Exercise prompt ▸
The entries are to be given back verbatim; no picture is to be copied.

+ + + + +

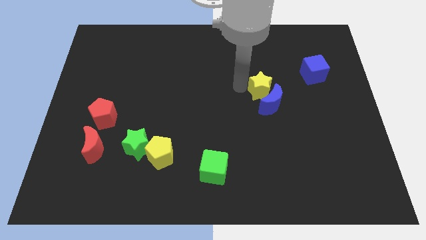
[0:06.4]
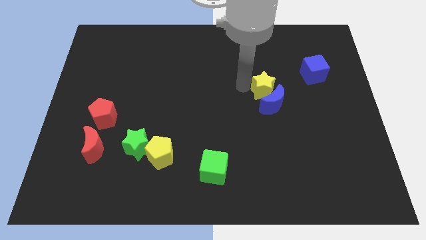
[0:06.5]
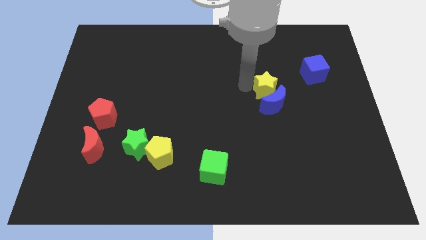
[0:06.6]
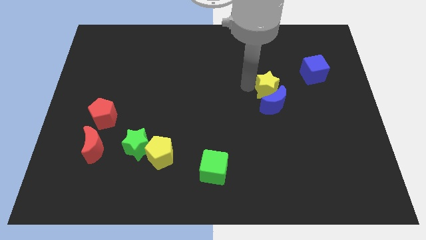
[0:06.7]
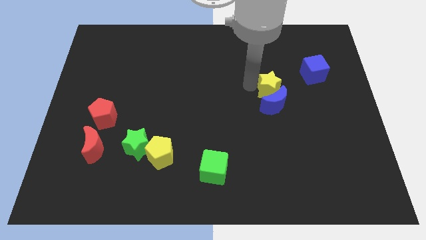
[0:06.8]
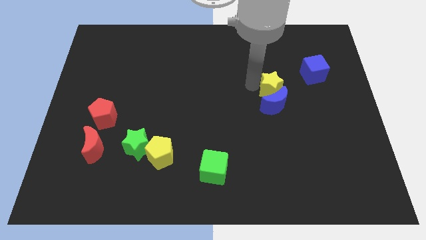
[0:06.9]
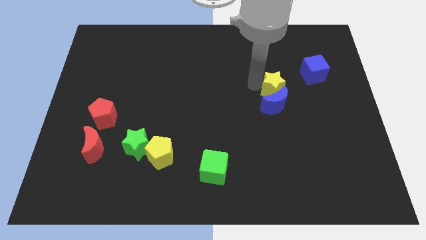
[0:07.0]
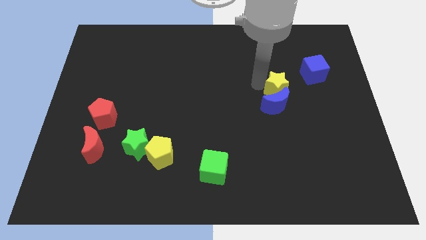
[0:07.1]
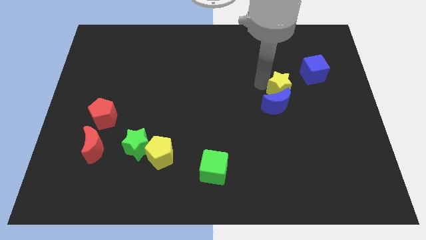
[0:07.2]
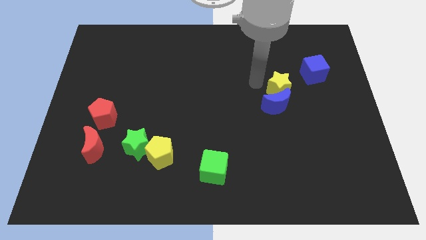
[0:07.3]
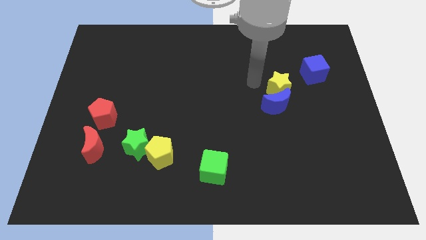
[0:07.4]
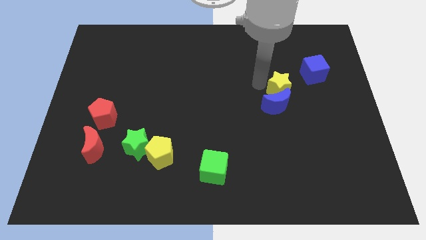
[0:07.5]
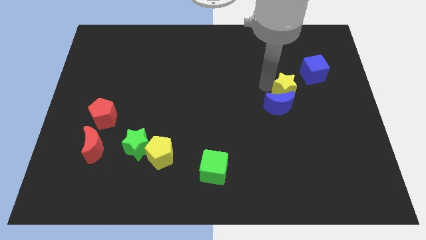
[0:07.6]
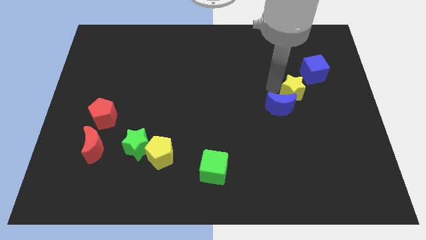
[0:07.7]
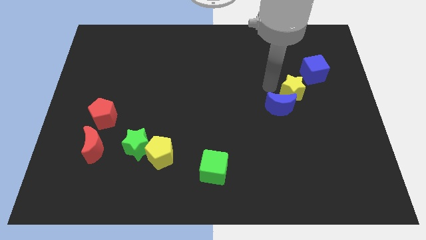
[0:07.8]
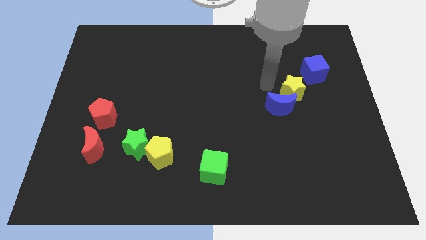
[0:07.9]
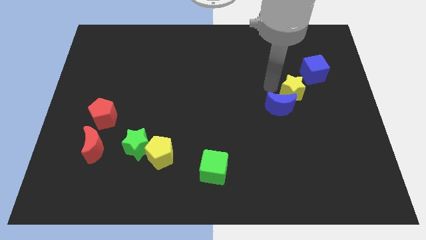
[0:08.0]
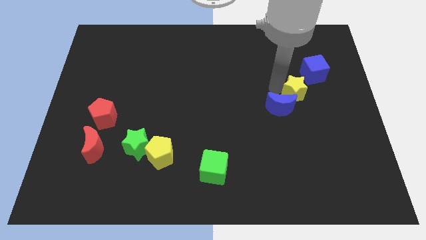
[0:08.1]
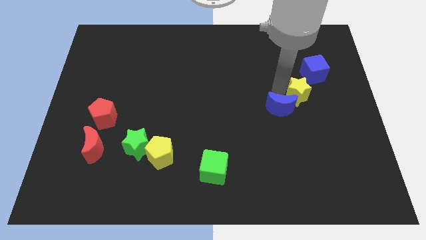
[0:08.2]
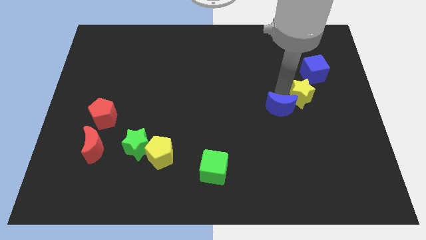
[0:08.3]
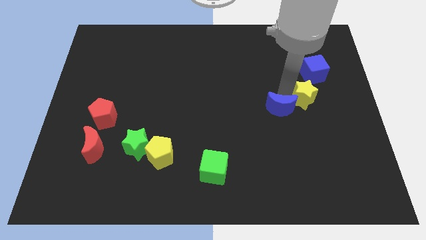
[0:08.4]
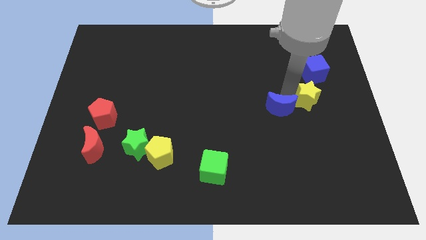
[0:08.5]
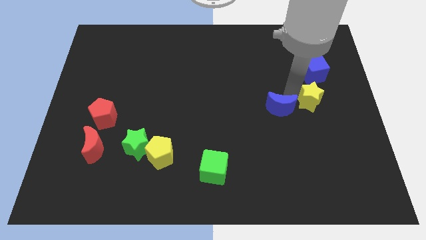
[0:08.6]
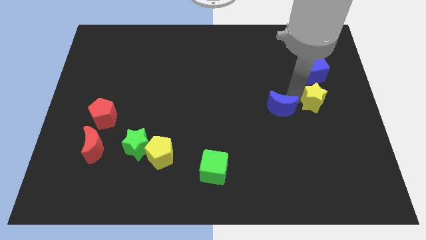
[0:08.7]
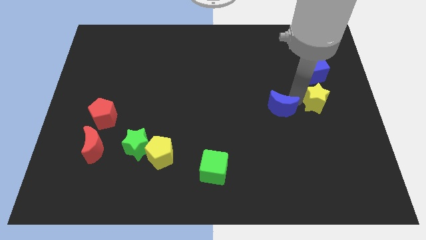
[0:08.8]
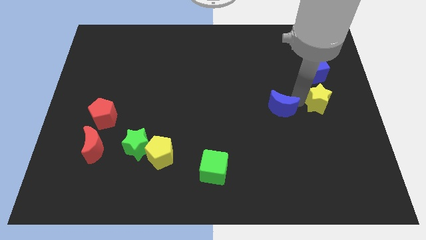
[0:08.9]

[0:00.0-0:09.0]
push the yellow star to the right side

+ + + + +

Answer space ▸
[0:06.4]
[0:06.5]
[0:06.6]
[0:06.7]
[0:06.8]
[0:06.9]
[0:07.0]
[0:07.1]
[0:07.2]
[0:07.3]
[0:07.4]
[0:07.5]
[0:07.6]
[0:07.7]
[0:07.8]
[0:07.9]
[0:08.0]
[0:08.1]
[0:08.2]
[0:08.3]
[0:08.4]
[0:08.5]
[0:08.6]
[0:08.7]
[0:08.8]
[0:08.9]

[0:00.0-0:09.0]
push the yellow star to the right side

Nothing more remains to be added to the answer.